══ THE DATA

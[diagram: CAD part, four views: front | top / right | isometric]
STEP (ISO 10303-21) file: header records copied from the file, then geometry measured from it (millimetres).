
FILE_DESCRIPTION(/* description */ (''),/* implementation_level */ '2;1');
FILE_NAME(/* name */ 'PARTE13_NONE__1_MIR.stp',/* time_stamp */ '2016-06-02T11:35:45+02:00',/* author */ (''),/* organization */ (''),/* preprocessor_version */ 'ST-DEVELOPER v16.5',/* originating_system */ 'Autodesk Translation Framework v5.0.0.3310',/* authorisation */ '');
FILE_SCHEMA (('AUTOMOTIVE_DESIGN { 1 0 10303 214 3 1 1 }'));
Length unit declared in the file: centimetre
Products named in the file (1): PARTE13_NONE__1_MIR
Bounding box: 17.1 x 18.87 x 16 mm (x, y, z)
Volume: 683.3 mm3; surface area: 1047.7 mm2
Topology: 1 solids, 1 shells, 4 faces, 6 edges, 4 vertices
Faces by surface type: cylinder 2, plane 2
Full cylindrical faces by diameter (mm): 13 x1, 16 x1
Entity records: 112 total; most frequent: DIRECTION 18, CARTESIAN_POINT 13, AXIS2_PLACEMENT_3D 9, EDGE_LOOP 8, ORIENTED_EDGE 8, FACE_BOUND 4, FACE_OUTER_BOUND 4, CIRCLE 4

════

YOUR OBJECTIVE
From the data above, give every line again exactly as it appears.

WRITTEN SOLUTION
[diagram: CAD part, four views: front | top / right | isometric]
STEP (ISO 10303-21) file: header records copied from the file, then geometry measured from it (millimetres).
FILE_DESCRIPTION(/* description */ (''),/* implementation_level */ '2;1');
FILE_NAME(/* name */ 'PARTE13_NONE__1_MIR.stp',/* time_stamp */ '2016-06-02T11:35:45+02:00',/* author */ (''),/* organization */ (''),/* preprocessor_version */ 'ST-DEVELOPER v16.5',/* originating_system */ 'Autodesk Translation Framework v5.0.0.3310',/* authorisation */ '');
FILE_SCHEMA (('AUTOMOTIVE_DESIGN { 1 0 10303 214 3 1 1 }'));
Length unit declared in the file: centimetre
Products named in the file (1): PARTE13_NONE__1_MIR
Bounding box: 17.1 x 18.87 x 16 mm (x, y, z)
Volume: 683.3 mm3; surface area: 1047.7 mm2
Topology: 1 solids, 1 shells, 4 faces, 6 edges, 4 vertices
Faces by surface type: cylinder 2, plane 2
Full cylindrical faces by diameter (mm): 13 x1, 16 x1
Entity records: 112 total; most frequent: DIRECTION 18, CARTESIAN_POINT 13, AXIS2_PLACEMENT_3D 9, EDGE_LOOP 8, ORIENTED_EDGE 8, FACE_BOUND 4, FACE_OUTER_BOUND 4, CIRCLE 4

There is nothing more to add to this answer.